• [Exercise brief]: Take nothing but the lines from the one with "miodowa dla zaostrzenia całego smaku." through the one with "The chapters Aim" in the entries below, both ends kept, and return them exactly with pictures left out.

• [Supplied material]:
━━━━━━━━━━━━━━━━━━━━━━━━━━━━━━
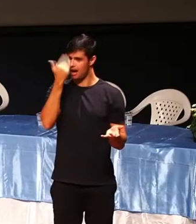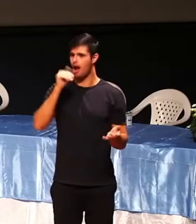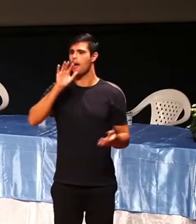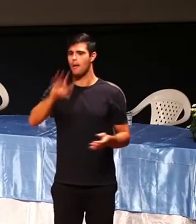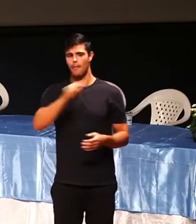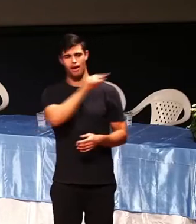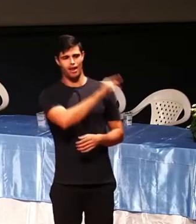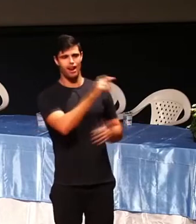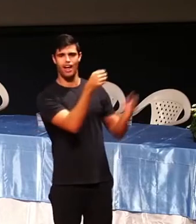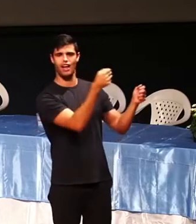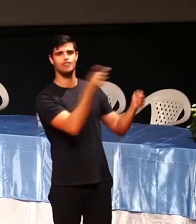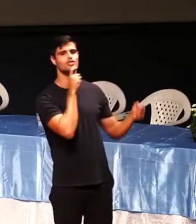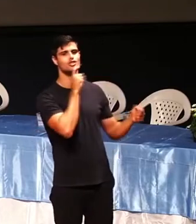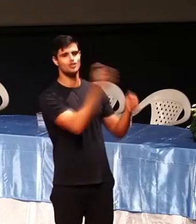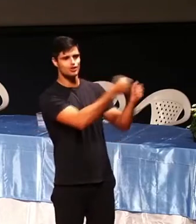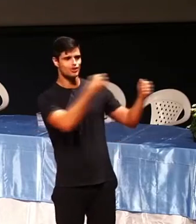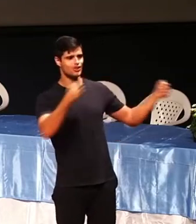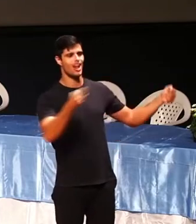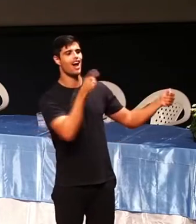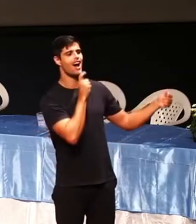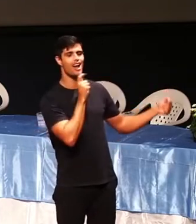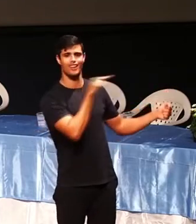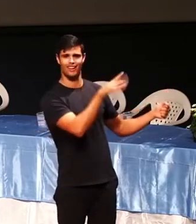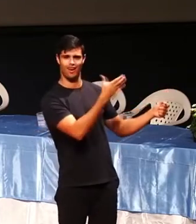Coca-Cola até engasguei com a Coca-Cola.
━━━━━━━━━━━━━━━━━━━━━━━━━━━━━━
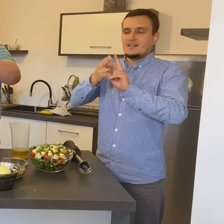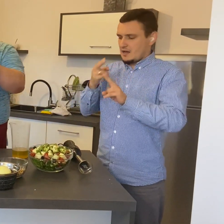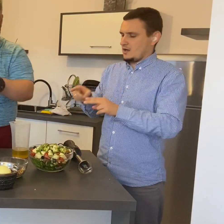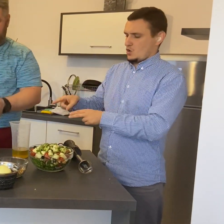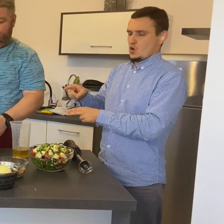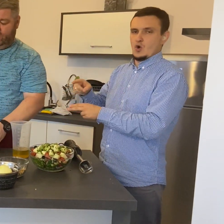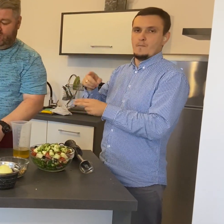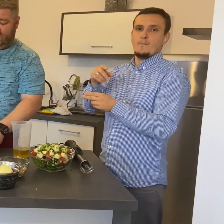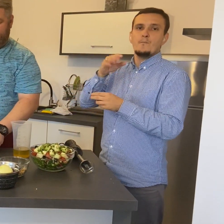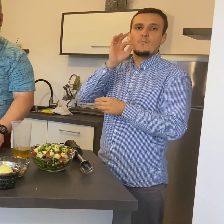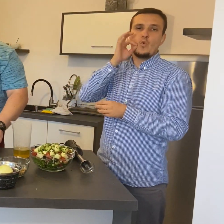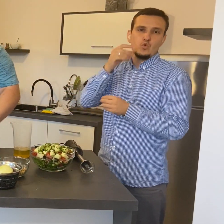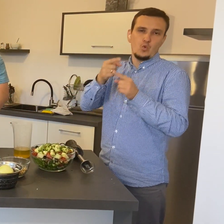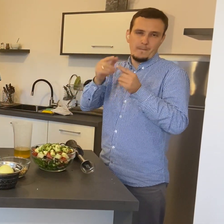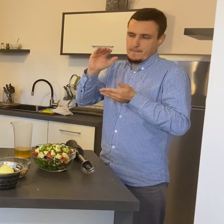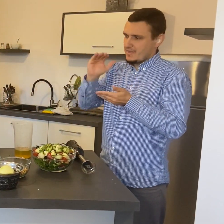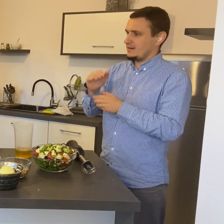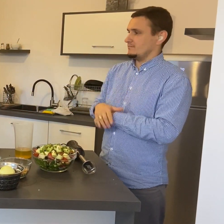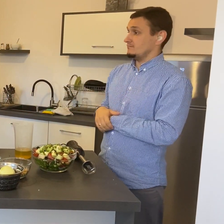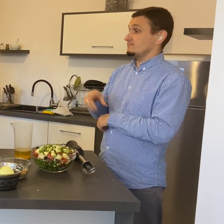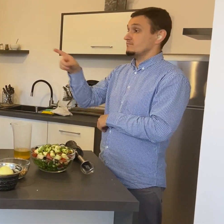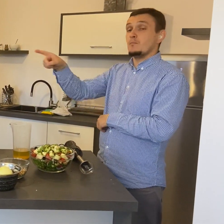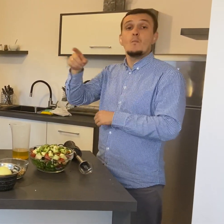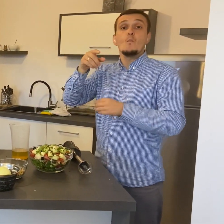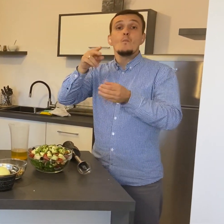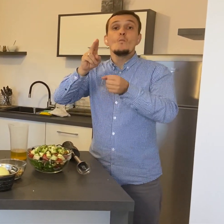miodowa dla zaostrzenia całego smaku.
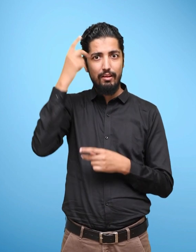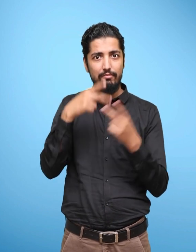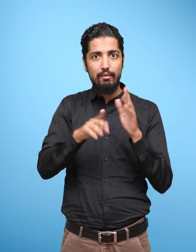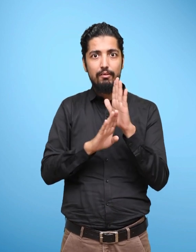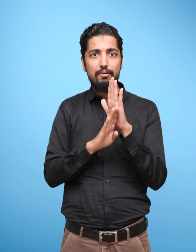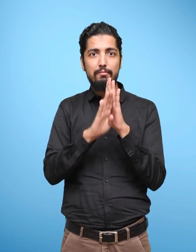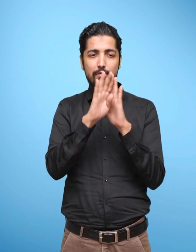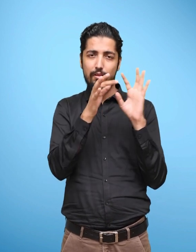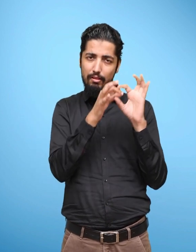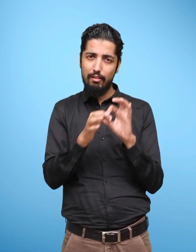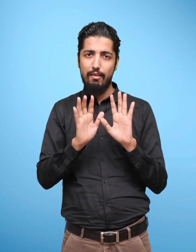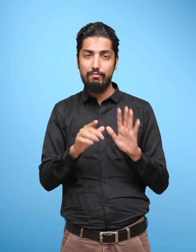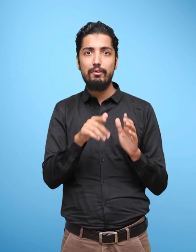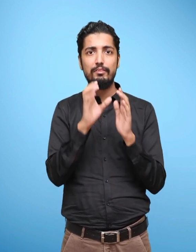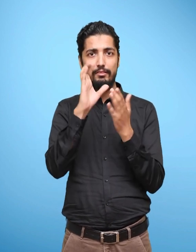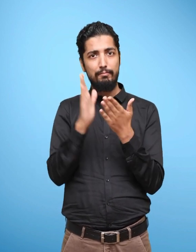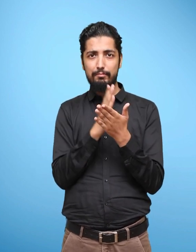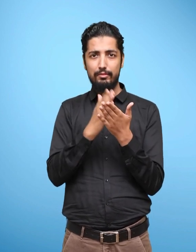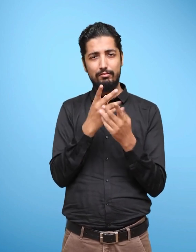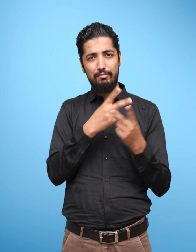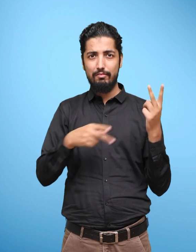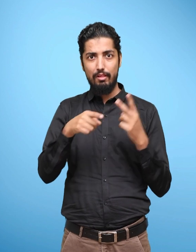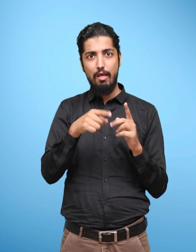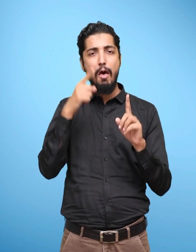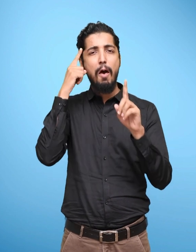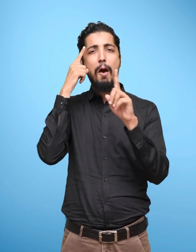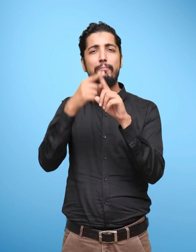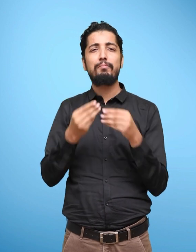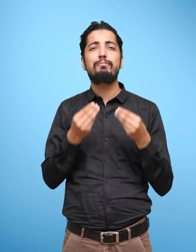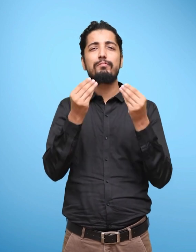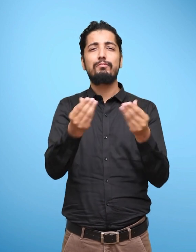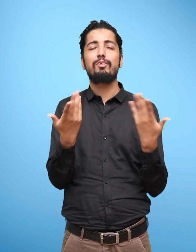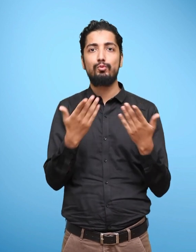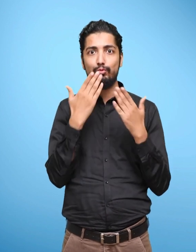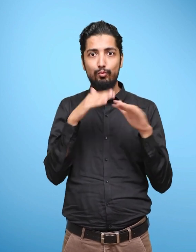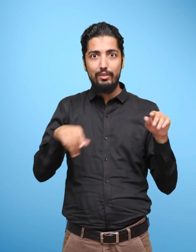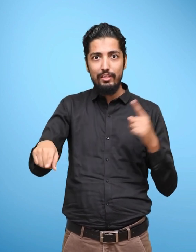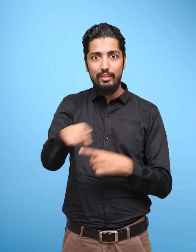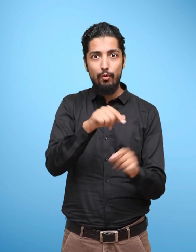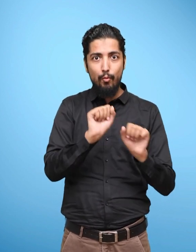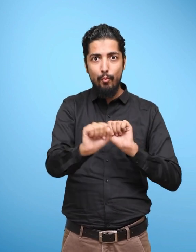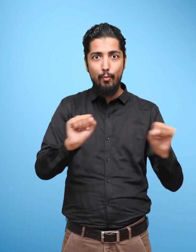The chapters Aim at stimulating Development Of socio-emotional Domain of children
━━━━━━━━━━━━━━━━━━━━━━━━━━━━━━
• [Response to the exercise]:
miodowa dla zaostrzenia całego smaku.
The chapters Aim at stimulating Development Of socio-emotional Domain of children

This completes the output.